En el caso de María se trata de una mediación
especial y excepcional, basada sobre su «plenitud de
gracia», que se traducirá en la plena disponibilidad de
la «esclava del Señor». Jesucristo, como respuesta a
esta disponibilidad interior de su Madre, la preparaba
cada vez más a ser para los hombres «madre en el orden
de la gracia». Esto indican, al menos de manera
indirecta, algunos detalles anotados por los Sinópticos
(cf. Lc 11, 28; 8, 20-21; Mc 3, 32-35; Mt 12, 47-50) y
más aún por el Evangelio de Juan (cf. 2, 1-12; 19,
25-27), que ya he puesto de relieve. A este respecto, son
particularmente elocuentes las palabras, pronunciadas por
Jesús en la Cruz, relativas a María y a Juan.
40. Después de los acontecimientos de la
resurrección y de la ascensión, María, entrando con
los apóstoles en el cenáculo a la espera de
Pentecostés, estaba presente como Madre del Señor
glorificado. Era no sólo la que «avanzó en la
peregrinación de la fe» y guardó fielmente su unión
con el Hijo «hasta la Cruz», sino también la «esclava
del Señor», entregada por su Hijo como madre a la
Iglesia naciente: «He aquí a tu madre». Así empezó a
formarse una relación especial entre esta Madre y la
Iglesia. En efecto, la Iglesia naciente era fruto de la
Cruz y de la resurrección de su Hijo. María, que desde
el principio se había entregado sin reservas a la
persona y obra de su Hijo, no podía dejar de volcar
sobre la Iglesia esta entrega suya materna. Después de
la ascensión del Hijo, su maternidad permanece en la
Iglesia como mediación materna; intercediendo por todos
sus hijos, la madre coopera en la acción salvífica del
Hijo, Redentor del mundo. Al respecto enseña el
Concilio: «Esta maternidad de María en la economía de
la gracia perdura sin cesar ... hasta la consumación
perpetua de todos los elegidos».(103) Con la muerte
redentora de su Hijo, la mediación materna de la esclava
del Señor alcanzó una dimensión universal, porque la
obra de la redención abarca a todos los hombres. Así se
manifiesta de manera singular la eficacia de la
mediación única y universal de Cristo «entre Dios y
los hombres». La cooperación de María participa, por
su carácter subordinado, de la universalidad de la
mediación del Redentor, único mediador. Esto lo indica
claramente el Concilio con las palabras citadas antes.
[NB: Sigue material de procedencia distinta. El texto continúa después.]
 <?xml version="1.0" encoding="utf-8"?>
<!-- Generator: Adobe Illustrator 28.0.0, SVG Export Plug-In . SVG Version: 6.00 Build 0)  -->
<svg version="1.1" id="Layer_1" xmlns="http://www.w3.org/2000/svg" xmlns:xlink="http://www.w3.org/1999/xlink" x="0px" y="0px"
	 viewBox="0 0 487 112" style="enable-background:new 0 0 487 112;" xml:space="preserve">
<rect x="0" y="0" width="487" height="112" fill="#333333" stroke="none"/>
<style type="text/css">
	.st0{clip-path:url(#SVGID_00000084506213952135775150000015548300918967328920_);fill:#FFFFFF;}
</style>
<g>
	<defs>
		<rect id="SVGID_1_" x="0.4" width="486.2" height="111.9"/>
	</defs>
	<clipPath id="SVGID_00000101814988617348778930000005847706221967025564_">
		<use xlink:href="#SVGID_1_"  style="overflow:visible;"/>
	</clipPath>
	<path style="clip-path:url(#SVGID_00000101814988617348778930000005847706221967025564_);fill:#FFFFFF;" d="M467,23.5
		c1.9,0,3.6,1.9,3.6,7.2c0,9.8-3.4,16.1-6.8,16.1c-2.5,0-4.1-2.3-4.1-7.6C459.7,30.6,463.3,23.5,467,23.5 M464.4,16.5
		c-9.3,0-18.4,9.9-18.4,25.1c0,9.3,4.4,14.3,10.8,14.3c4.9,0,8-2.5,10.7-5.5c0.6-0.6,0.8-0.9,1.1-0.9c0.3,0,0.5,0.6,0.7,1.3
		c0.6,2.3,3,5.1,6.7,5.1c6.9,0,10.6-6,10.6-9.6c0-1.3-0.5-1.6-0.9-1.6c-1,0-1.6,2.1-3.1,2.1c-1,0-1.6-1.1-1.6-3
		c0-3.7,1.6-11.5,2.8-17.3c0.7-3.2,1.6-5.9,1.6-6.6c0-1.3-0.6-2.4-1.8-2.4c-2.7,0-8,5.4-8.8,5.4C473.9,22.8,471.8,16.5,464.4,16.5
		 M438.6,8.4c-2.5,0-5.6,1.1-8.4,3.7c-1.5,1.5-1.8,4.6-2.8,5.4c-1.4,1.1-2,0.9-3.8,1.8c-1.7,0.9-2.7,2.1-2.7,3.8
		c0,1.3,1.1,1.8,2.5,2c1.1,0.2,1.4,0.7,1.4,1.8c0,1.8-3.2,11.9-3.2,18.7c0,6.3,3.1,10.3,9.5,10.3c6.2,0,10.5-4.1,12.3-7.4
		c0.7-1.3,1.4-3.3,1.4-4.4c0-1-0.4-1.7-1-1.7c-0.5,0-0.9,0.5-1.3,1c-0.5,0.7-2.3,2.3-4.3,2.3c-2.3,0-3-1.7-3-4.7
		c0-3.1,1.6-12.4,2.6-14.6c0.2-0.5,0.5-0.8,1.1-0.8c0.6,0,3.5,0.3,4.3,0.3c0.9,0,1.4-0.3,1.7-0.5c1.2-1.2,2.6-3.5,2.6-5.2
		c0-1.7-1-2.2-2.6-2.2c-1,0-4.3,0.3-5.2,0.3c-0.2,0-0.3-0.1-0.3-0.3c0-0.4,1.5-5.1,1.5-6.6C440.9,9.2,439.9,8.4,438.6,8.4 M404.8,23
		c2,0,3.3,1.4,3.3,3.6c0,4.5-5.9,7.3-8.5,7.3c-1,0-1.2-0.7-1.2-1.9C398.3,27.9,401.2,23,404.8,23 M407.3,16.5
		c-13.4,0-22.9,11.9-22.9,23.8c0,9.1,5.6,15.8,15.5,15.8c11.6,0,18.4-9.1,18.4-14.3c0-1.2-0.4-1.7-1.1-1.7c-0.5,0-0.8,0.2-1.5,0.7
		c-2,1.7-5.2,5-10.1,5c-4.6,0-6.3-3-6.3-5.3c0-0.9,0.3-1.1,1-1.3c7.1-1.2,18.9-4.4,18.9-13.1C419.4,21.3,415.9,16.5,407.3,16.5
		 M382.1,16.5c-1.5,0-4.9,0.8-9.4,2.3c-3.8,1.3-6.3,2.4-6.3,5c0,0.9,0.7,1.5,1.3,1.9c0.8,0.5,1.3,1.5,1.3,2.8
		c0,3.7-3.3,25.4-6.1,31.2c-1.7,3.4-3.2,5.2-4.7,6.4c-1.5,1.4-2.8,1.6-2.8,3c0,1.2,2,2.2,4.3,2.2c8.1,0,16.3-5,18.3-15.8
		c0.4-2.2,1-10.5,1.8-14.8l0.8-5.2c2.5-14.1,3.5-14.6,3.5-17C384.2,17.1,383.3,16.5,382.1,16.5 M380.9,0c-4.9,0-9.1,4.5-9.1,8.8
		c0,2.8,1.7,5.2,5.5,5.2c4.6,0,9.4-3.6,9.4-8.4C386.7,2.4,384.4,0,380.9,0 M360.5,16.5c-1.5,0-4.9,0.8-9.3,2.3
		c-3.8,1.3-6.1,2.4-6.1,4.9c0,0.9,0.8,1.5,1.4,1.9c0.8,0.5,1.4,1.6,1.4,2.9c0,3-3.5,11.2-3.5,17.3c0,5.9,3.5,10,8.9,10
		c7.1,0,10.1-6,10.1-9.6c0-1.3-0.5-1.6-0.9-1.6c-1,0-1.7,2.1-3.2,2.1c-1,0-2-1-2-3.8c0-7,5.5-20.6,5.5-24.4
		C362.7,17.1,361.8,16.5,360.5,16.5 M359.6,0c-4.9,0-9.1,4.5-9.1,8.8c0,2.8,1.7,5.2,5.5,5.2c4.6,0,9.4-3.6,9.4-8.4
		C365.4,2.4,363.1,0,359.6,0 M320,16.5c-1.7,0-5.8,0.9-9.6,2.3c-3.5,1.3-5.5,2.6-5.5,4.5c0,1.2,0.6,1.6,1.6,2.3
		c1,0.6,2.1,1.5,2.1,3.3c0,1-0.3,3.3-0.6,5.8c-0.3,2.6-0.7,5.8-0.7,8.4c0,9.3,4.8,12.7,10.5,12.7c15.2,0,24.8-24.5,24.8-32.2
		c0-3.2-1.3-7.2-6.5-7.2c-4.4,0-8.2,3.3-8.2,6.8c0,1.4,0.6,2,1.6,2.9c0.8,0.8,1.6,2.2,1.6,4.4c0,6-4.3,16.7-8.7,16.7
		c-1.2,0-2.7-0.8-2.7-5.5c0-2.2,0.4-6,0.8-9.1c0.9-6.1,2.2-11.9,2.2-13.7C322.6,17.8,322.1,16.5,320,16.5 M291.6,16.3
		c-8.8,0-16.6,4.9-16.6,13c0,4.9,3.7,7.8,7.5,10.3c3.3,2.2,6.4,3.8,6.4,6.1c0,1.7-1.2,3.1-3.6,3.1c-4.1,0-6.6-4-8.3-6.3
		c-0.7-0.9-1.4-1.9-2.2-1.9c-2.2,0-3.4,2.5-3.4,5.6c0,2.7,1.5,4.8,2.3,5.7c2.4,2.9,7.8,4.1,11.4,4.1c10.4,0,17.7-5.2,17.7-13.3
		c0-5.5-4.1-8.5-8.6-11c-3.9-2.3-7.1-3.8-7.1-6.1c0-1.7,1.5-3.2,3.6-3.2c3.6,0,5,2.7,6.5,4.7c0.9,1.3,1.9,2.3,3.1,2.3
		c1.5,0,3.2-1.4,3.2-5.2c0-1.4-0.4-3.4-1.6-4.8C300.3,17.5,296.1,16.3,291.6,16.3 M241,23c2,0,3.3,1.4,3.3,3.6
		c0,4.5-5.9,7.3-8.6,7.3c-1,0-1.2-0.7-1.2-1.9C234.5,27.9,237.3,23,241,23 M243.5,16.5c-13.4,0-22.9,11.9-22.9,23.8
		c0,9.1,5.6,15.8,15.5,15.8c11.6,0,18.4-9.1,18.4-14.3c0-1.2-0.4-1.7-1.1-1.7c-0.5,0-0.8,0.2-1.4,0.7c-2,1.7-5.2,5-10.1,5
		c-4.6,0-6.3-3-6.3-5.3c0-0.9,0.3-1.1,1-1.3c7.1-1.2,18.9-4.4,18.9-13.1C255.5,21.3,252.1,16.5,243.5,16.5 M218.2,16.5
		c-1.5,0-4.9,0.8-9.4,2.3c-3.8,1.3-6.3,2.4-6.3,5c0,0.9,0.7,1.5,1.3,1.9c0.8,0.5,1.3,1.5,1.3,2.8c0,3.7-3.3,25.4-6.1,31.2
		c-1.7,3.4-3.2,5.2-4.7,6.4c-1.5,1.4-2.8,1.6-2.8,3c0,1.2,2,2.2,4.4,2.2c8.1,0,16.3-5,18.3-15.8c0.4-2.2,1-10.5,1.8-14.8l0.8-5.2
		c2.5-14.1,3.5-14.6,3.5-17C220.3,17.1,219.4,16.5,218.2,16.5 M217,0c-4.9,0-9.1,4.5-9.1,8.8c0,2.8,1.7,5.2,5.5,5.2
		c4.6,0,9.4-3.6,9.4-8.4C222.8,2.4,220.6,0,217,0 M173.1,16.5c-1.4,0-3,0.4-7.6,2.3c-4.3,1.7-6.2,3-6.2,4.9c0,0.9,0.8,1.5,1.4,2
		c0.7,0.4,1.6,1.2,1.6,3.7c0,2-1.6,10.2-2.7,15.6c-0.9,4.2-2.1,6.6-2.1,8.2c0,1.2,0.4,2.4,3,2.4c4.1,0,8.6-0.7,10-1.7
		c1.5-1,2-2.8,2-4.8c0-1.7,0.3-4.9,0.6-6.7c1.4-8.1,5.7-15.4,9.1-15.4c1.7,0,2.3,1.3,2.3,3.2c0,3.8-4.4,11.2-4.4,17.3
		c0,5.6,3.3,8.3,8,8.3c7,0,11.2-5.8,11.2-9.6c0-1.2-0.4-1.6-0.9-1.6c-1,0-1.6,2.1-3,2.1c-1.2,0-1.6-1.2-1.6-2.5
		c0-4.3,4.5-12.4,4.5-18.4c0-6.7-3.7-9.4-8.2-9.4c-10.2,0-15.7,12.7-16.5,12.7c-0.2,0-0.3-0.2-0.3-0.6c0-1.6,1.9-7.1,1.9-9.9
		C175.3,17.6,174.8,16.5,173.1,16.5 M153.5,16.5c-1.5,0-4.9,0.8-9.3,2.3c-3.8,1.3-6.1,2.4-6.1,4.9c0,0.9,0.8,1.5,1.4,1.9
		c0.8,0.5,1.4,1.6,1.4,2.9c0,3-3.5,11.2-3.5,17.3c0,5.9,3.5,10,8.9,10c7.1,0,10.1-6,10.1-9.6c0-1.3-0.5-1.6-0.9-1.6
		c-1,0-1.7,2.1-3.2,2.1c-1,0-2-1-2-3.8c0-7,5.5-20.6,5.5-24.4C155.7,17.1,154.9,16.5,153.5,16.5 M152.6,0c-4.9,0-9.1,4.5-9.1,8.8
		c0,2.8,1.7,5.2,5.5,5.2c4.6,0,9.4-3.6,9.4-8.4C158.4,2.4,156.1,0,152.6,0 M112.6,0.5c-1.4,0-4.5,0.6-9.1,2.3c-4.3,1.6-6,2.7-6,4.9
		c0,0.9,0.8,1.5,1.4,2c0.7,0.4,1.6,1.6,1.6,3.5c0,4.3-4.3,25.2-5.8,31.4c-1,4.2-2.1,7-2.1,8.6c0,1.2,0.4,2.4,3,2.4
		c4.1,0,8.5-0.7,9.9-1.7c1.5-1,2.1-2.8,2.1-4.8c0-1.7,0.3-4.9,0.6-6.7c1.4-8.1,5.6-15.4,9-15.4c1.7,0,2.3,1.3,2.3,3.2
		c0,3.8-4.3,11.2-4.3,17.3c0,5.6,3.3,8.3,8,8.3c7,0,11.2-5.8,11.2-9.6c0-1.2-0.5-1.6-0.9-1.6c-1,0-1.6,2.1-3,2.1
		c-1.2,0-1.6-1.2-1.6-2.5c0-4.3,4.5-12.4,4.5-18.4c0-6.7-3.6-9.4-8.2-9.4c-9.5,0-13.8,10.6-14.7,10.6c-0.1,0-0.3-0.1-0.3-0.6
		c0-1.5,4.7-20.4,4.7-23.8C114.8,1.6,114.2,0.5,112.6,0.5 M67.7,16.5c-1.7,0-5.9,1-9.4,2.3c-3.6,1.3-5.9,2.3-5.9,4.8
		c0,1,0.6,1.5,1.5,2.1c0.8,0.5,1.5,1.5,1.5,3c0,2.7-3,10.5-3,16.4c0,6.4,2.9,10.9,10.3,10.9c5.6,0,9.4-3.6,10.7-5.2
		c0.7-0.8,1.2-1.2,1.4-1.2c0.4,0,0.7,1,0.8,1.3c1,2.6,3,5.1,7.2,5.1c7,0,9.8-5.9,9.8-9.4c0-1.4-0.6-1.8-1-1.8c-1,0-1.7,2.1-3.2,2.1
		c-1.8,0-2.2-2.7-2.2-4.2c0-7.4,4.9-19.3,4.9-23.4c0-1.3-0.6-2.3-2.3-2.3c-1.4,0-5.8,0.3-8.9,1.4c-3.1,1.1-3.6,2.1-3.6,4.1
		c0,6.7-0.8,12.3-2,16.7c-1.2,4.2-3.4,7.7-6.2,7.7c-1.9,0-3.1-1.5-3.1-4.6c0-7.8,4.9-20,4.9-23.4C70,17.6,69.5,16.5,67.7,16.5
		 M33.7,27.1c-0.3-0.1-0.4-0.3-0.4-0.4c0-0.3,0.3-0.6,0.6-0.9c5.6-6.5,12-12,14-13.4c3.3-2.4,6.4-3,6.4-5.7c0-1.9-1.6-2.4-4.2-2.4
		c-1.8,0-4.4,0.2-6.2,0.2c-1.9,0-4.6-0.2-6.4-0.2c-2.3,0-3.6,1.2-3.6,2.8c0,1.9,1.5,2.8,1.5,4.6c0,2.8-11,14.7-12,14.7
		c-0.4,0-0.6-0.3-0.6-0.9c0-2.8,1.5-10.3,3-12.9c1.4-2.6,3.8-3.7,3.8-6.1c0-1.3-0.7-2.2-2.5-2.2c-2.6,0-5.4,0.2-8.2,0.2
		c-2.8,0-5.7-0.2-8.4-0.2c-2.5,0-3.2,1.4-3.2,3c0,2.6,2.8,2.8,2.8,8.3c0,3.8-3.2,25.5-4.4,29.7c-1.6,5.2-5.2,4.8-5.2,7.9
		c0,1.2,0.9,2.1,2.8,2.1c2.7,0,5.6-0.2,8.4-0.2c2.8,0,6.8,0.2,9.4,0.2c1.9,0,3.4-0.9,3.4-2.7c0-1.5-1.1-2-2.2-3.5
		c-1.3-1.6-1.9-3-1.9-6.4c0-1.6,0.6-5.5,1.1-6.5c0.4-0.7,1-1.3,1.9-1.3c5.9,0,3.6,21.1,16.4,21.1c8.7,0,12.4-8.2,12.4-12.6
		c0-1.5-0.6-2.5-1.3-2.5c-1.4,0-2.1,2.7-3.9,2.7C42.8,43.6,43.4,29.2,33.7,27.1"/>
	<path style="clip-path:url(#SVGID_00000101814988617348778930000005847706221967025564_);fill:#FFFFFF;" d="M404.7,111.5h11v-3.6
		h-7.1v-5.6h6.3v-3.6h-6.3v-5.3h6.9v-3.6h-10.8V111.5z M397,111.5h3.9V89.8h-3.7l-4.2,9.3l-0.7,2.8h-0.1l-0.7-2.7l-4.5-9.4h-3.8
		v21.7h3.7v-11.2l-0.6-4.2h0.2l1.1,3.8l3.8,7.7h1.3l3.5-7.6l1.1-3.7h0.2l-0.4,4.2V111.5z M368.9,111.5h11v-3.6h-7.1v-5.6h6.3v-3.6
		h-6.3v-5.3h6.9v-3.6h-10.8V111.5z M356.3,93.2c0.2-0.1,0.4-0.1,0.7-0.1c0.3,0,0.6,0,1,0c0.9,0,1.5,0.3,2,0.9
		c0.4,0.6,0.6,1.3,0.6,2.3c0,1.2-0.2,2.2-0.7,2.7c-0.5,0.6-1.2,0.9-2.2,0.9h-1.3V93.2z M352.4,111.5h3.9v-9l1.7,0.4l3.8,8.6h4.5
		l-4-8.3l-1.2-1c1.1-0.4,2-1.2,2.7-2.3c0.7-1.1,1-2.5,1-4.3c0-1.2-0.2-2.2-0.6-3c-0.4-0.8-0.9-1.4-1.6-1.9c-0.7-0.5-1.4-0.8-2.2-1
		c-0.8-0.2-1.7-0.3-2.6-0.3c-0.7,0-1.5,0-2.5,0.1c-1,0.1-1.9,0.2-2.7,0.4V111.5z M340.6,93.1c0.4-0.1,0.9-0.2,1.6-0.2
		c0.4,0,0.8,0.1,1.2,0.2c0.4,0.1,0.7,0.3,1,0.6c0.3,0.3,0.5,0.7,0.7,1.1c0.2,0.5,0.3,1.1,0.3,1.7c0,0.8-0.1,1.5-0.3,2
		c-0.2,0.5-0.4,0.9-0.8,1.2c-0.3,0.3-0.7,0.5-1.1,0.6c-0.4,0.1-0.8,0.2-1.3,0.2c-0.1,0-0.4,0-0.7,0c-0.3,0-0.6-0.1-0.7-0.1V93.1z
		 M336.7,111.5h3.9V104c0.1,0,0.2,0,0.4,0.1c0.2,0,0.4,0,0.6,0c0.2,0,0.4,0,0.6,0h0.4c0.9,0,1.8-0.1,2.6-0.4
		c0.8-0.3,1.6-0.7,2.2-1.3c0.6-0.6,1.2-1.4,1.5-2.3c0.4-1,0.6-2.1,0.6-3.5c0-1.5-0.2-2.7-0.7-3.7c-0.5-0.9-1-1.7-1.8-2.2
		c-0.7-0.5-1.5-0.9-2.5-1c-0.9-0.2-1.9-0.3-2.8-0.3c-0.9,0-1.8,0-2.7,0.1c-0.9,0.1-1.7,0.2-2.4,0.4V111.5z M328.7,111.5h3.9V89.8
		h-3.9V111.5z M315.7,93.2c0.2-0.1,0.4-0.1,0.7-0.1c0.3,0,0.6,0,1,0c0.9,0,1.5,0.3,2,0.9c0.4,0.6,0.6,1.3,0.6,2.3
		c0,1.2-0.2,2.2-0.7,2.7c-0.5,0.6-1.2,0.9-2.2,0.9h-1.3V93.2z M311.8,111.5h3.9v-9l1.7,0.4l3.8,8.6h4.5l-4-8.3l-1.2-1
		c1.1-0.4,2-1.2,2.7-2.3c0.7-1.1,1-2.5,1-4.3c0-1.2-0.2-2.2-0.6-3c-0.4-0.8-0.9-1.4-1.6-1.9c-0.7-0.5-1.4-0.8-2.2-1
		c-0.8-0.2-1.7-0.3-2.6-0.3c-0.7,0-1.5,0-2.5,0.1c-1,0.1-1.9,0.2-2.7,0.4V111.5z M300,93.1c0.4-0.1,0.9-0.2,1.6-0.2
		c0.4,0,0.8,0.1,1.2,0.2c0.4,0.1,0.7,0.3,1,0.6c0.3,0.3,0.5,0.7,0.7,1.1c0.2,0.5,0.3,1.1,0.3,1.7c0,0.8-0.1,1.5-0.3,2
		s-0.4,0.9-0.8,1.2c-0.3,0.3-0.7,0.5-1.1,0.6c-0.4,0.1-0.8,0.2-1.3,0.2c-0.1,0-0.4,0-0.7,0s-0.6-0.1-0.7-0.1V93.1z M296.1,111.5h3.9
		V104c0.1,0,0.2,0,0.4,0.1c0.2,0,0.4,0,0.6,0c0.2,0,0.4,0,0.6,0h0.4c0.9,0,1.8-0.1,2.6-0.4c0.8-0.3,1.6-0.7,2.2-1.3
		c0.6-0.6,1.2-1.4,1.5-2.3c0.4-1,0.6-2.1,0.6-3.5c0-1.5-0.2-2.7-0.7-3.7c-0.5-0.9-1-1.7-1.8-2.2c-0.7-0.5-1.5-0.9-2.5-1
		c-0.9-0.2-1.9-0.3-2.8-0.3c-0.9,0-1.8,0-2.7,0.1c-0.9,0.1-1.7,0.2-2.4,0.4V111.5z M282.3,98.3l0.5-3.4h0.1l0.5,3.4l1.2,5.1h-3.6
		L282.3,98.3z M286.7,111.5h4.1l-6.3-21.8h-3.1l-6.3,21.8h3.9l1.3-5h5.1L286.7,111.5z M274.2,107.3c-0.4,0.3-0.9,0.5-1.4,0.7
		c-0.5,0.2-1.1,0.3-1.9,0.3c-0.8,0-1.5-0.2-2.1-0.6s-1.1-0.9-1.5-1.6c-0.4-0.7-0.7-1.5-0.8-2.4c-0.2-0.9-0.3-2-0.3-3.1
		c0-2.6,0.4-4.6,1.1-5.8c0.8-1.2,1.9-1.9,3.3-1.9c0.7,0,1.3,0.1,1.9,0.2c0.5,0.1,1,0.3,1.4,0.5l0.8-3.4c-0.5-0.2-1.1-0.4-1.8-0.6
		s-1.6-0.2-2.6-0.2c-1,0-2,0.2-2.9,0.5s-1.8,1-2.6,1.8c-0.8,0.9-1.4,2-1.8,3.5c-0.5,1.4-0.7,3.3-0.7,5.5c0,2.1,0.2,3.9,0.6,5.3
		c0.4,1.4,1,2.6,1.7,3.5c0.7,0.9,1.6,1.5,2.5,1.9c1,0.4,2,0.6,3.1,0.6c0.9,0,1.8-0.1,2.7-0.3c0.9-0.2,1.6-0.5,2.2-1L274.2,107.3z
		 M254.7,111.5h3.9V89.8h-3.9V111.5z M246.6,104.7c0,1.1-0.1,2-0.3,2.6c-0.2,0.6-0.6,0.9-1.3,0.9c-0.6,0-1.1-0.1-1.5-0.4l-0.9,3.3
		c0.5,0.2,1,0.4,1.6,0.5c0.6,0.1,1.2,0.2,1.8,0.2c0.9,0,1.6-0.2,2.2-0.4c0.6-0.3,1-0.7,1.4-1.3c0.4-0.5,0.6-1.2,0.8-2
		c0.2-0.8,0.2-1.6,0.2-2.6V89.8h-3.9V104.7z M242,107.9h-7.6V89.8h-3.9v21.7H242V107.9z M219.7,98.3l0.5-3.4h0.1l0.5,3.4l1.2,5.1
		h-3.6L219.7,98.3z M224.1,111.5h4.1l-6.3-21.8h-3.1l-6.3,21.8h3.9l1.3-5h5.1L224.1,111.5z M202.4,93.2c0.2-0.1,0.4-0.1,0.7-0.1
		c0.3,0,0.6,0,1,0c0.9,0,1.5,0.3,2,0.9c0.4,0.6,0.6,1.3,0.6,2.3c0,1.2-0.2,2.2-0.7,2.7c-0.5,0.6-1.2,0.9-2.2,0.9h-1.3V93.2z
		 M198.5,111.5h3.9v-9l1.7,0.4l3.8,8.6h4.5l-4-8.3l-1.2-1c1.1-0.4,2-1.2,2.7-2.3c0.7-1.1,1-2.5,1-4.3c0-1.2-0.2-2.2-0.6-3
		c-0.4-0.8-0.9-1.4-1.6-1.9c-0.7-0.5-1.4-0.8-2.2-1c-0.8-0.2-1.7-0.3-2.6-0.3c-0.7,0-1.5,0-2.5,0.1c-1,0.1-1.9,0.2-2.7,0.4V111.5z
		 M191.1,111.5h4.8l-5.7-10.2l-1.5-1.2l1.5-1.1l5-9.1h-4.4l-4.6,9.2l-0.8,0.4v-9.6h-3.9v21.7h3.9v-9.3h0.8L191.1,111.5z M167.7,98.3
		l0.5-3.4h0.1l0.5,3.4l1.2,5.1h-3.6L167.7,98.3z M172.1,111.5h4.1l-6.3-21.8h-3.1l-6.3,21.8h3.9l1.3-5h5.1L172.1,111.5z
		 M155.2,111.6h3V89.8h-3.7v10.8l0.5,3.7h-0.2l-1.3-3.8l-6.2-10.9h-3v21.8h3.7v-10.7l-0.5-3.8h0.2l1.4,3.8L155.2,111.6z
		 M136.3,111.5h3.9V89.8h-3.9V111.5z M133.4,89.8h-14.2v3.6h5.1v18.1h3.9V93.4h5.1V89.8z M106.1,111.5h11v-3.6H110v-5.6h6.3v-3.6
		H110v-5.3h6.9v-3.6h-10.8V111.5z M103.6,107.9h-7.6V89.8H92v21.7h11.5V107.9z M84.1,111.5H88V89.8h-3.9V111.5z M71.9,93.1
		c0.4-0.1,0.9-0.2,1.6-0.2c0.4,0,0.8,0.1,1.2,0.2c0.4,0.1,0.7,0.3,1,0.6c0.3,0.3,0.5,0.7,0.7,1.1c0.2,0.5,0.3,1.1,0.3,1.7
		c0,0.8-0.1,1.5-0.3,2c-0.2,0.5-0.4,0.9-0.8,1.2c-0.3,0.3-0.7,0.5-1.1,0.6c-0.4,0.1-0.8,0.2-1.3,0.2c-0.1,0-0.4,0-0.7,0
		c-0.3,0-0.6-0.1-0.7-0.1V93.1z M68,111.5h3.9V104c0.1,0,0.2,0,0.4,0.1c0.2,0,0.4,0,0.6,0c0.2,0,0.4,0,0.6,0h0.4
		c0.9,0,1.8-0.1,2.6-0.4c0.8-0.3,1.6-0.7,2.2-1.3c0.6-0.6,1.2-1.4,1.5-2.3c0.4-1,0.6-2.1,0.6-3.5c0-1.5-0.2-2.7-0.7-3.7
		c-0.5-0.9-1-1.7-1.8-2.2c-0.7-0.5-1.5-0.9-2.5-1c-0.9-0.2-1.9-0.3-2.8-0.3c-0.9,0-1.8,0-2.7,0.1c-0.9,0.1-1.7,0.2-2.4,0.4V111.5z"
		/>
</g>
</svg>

«Pues leemos todavía asunta a los
cielos, no ha dejado esta misión salvadora, sino que con
su múltiple intercesión continúa obteniéndonos los
dones de la salvación eterna».(104) Con este carácter
de «intercesión», que se manifestó por primera vez en
Caná de Galilea, la mediación de María continúa en la
historia de la Iglesia y del mundo. Leemos que María
«con su amor materno se cuida de los hermanos de su
Hijo, que todavía peregrinan y se hallan en peligros y
ansiedad hasta que sean conducidos a la patria
bienaventurada».(105) De este modo la maternidad de
María perdura incesantemente en la Iglesia como
mediación intercesora, y la Iglesia expresa su fe en
esta verdad invocando a María «con los títulos de
Abogada, Auxiliadora, Socorro, Mediadora».(106)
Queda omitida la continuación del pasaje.